Background information
- Born: 1 April 1941 Tokoname, Aichi Prefecture, Japan
- Origin: Japan
- Died: Emi Itō: June 15, 2012 (aged 71) Yumi Itō: May 18, 2016 (aged 75)
- Genres: Kayōkyoku
- Occupations: singers, actresses
- Instrument: Voice
- Years active: 1958–1975
- Label: King Records
- Past members: Emi Itō Yumi Itō

= The Peanuts =

Japanese vocal group

The Peanuts (ザ・ピーナッツ, Za Pīnattsu) were a Japanese vocal duo comprising the twin sisters Emi (伊藤エミ, Itō Emi) and Yumi Itō (伊藤ユミ, Itō Yumi). They were born in Nagoya on April 1, 1941. Their voices were close in timbre, which resulted in their singing together sounding like a solo artist using double tracking or reverb.

==Early life==
Emi and Yumi were born identical twins to Hideyo and Tsukiko Ito on Tuesday April 1, 1941 in the city of Tokoname in Aichi Prefecture. Emi was older than her twin sister Yumi.

==Career==
While in high school, the twins performed at a Nagoya night club as the Ito Sisters, and were discovered by Watanabe Productions founder Shin Watanabe. They were brought to Tokyo in 1958, where they became the first clients for Watanabe Productions. In 1959, the Peanuts became a hit at the Nichigeki theater. That same year, they released their first recording, "Kawaii Hana" ("Cute Flower"). In their early years they sang Japanese covers of standards, foreign hits, and Japanese folk songs. Then they began singing originals, written by their producer, Hiroshi Miyagawa, and such songwriters as Koichi Sugiyama and Rei Nakanishi. They were the first to perform "Koi no Vacance".

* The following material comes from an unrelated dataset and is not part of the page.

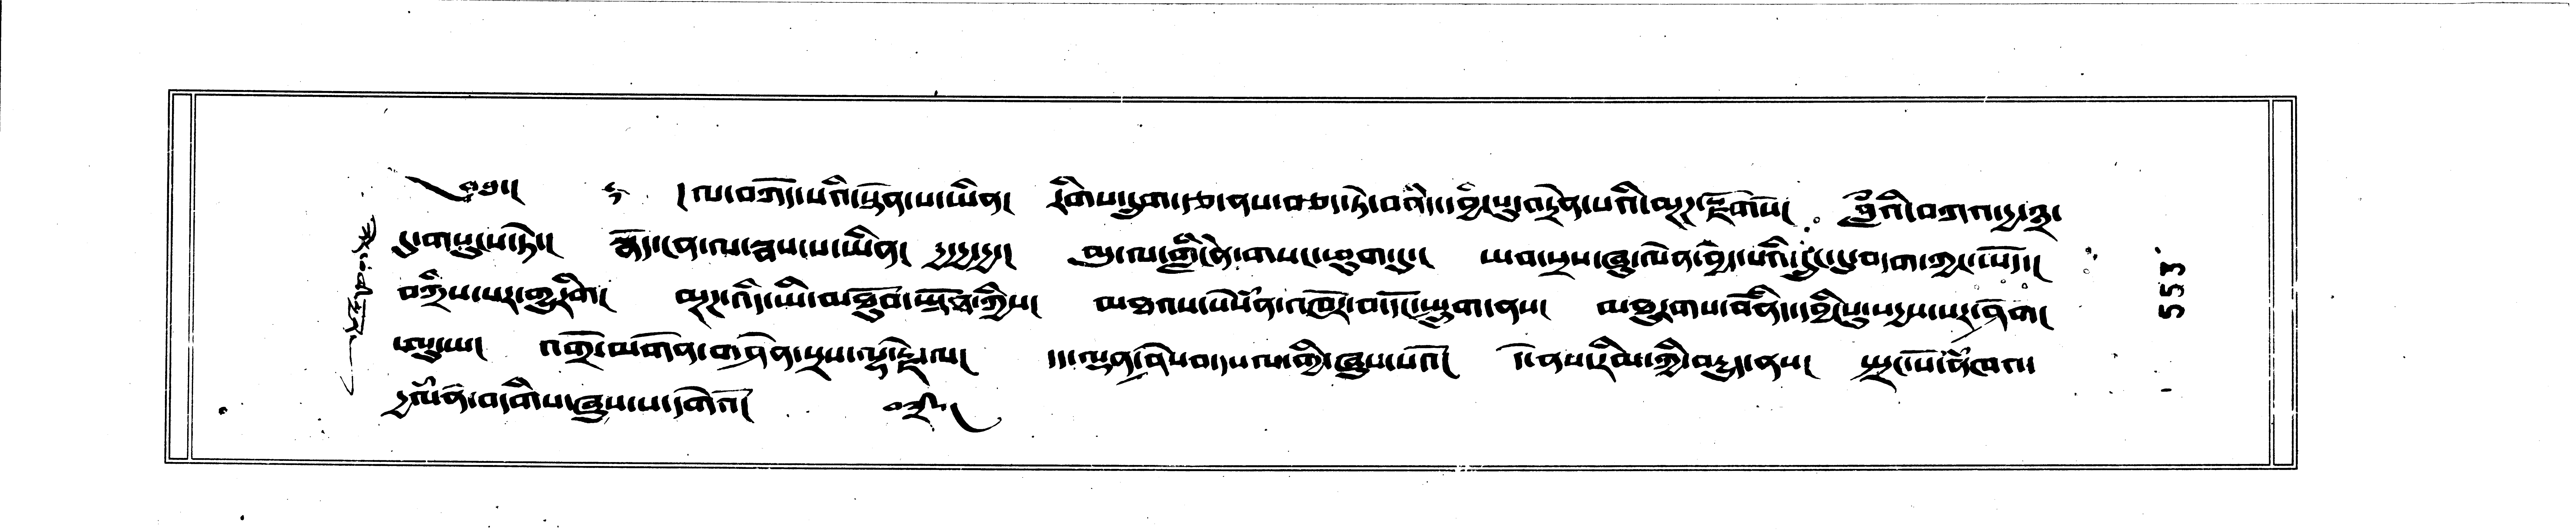ལ་བཀོད་པའི་སྟོན་པ་ཡིན། རིགས་དྲུག་རྩད་ནས་བཅད་ཏེབོན་ཉིད་དབྱིངས་སུ་འདྲེན་པའི་མན་ངག་རྫོགས་སོ། བླ་མའི་བཀའ་རྒྱ་གསུམ་
དུ་གསུངས་ཏེ། སྣོད་ངན་ལ་སྦས་པ་ཡིན། རྒྱ་རྒྱ་རྒྱ། མུ་ལ་གླིང་ཆེན་གསང་ཕུག་དུ། ཡབ་སྲས་ཞུ་ལེན་བྱེད་པའི་དྲུང་དུ་བདག་ཀྱང་ཡོད།
 བཀྲ་ཤིས་པར་གྱུར་ཅིག། མན་ངག་འདི་ཡི་མཐུ་སྟོབ་ཡོན་ཏན་ཀྱིས། མཐའ་ཡས་སེམས་ཅན་འཁོར་བ་དོང་སྤྲུག་ནས། མཐར་ཐུགས་བོན་ཉིད་དབྱིངས་སུ་སངས་རྒྱས་པར་ཤོག 
ཨུ་ཡ། འགྲོ་མགོན་གཤེན་སྲས་ལྷ་རྗེ་ལ། དད་ལྡན་ཤེས་རབ་དཔལ་གྱི་ཞུས་པའོ། དེ་ནས་རིམ་ཀྱི་བརྒྱུད་ནས། སྤྲང་པོ་ནམ་མཁའ་
རྒྱལ་མཚན་བདག་གིས་ཞུས་པ་དགེའོ། བཀྲ་ཤིས།”

The twins embarked on a brief acting career appearing as Mothra's twin human priestesses, known as the Shobijin, in the 1961 film Mothra, and the 1964 films Mothra vs. Godzilla and Ghidorah, the Three-Headed Monster. In the audio commentary for the DVD of Mothra vs. Godzilla, the director, Ishirō Honda, recalled the Itos' professionalism. Though not primarily actresses, the twins were surprisingly skilled, learned their lines without trouble, and always worked on time, despite their busy schedule.

Emi had a mole near her left eye. To preserve their image as identical, Yumi would have a mole drawn near her left eye.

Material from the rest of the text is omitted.